Sleep duration seems to vary widely among geography and different demographic groups. For example, only 54 percent of Native Hawaiians/Pacific Islanders, non-Hispanic blacks, multiracial non-Hispanics get the recommended seven hours of sleep at night. On the other hand, 67 percent of Non-Hispanic whites get the recommended amount of sleep.

People who live in the Southeast and Appalachian Mountains report getting less sleep. Previous studies have shown that these regions also have the highest prevalence of obesity and other chronic conditions.

Those who are married, employed, and have a college degree get more sleep than those who are unmarried, unemployed, and have a lower education level.

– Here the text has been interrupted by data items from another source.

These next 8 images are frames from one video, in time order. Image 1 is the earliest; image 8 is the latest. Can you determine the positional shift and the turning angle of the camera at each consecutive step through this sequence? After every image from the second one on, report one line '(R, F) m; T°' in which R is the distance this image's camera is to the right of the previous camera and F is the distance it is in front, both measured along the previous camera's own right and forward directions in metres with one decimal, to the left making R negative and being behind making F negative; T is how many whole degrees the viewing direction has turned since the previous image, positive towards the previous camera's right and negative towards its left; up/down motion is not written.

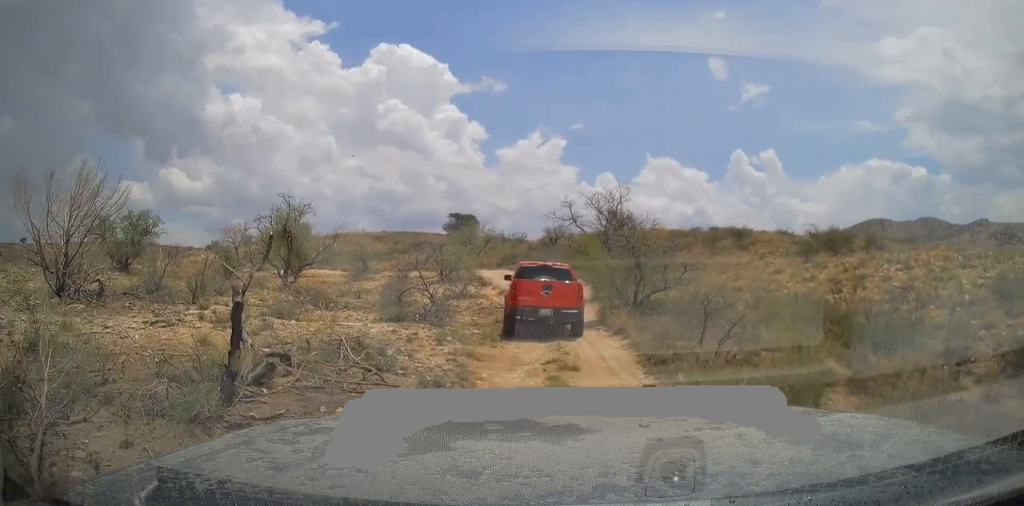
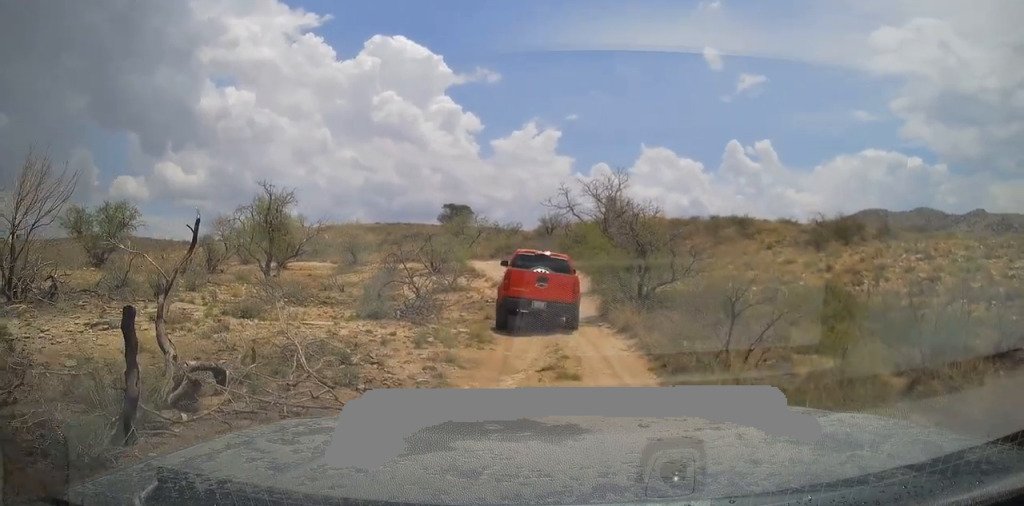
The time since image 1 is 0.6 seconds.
(0.0, +1.6) m; +1°
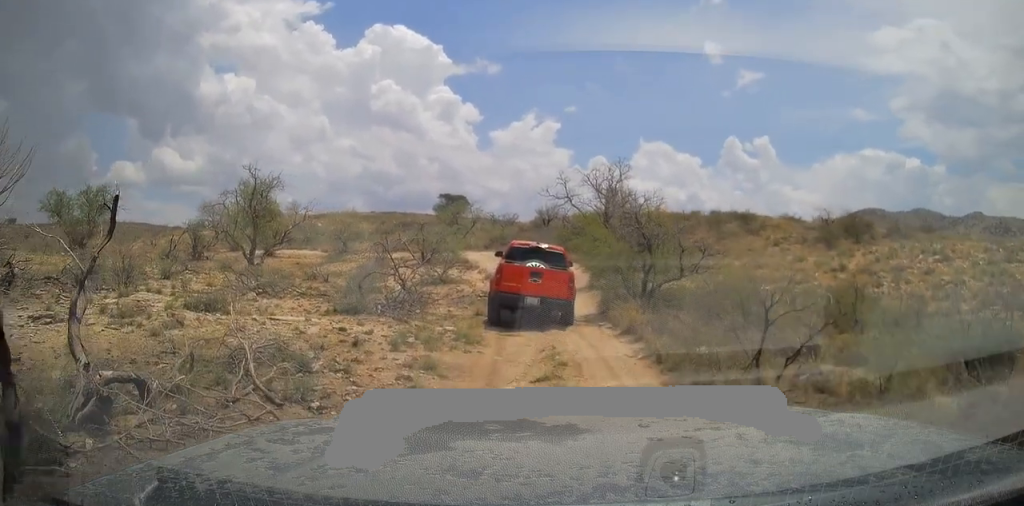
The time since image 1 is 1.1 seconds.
(0.0, +1.4) m; +2°
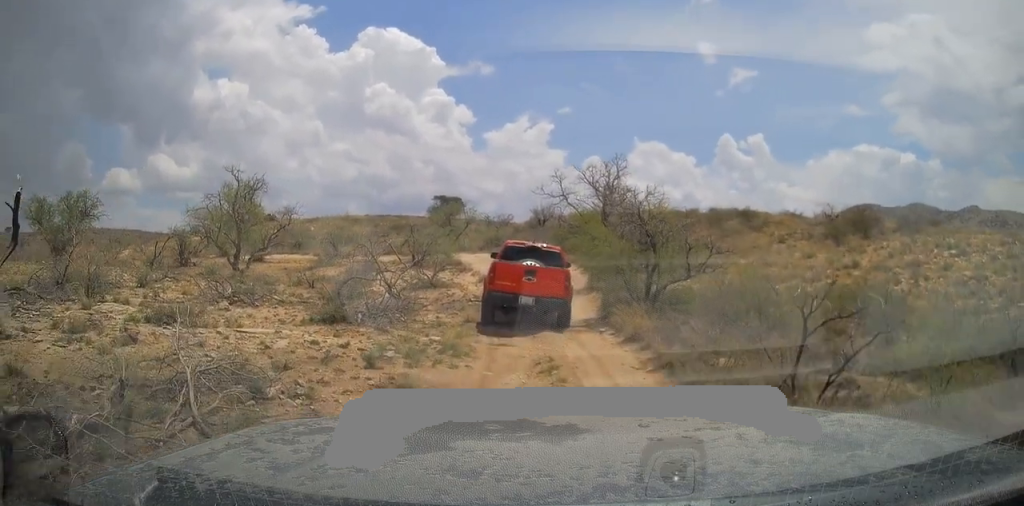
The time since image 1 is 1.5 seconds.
(0.0, +1.2) m; +2°
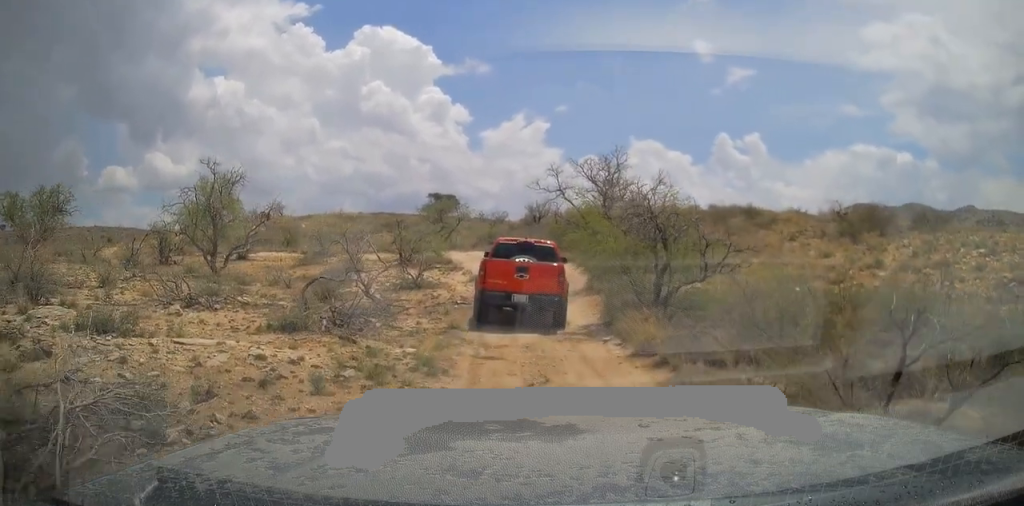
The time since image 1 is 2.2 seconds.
(+0.1, +1.9) m; +3°
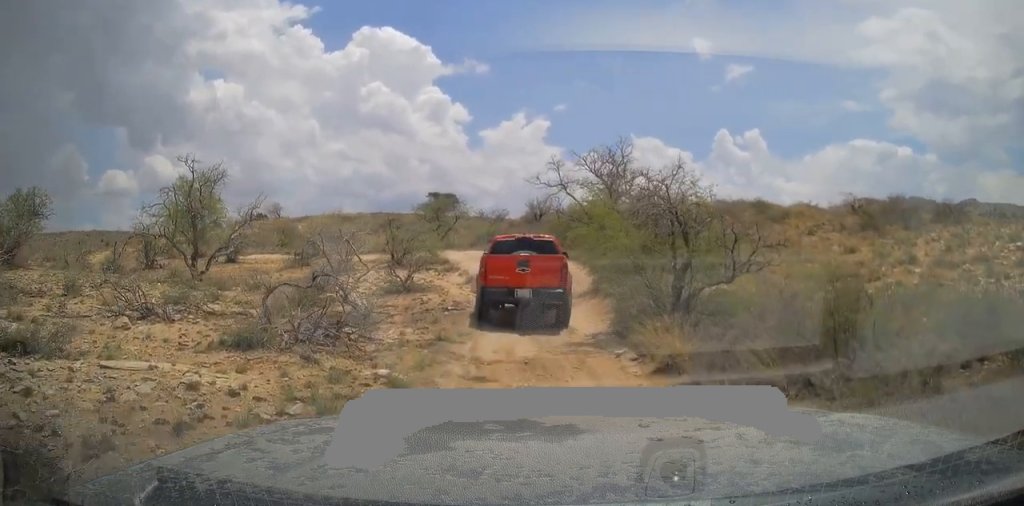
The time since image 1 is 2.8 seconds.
(0.0, +1.8) m; -1°
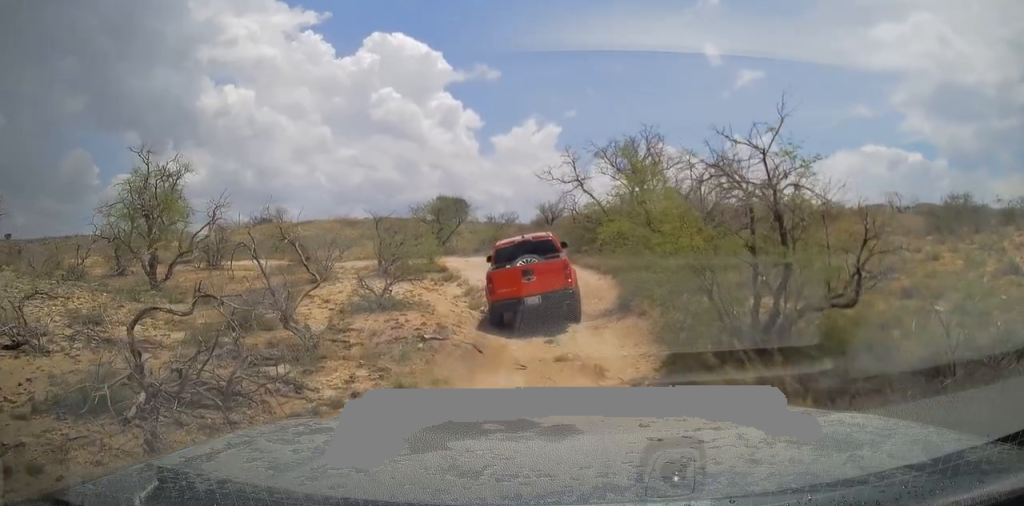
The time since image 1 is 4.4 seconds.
(-0.2, +4.1) m; -6°
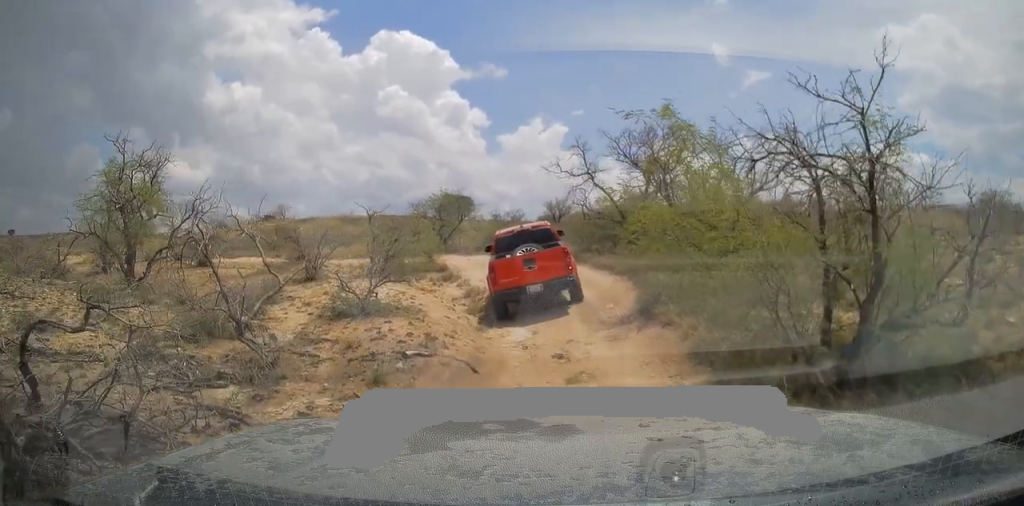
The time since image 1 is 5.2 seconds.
(0.0, +2.0) m; -4°

"As a nation we are not getting enough sleep," Wayne Giles, director of CDC's Division of Population Health, said in a written statement. "Lifestyle changes such as going to bed at the same time each night; rising at the same time each morning; and turning off or removing televisions, computers, mobile devices from the bedroom, can help people get the healthy sleep they need."

Sleep Tips

  • Take an hour before bed to wind down by doing something relaxing, like reading a book. Avoid using electronic devices as studies have shown that the light stimulates the brain rather than relaxes it.
  • Avoid big meals and caffeine before bed. Caffeine should be self-explanatory and large meals can often cause ingestion that can make it hard to sleep. A light snack 45 minutes before bed is OK.
  • It might seem counterintuitive, but daily exercise is very helpful for getting a good night's sleep.
  • Consider the age of your mattress and pillows and decide if they need replacing. Both can affect your quality of sleep as they age. Your bedroom should be dark, quiet and kept at a cool temperature (60 to 67 degrees).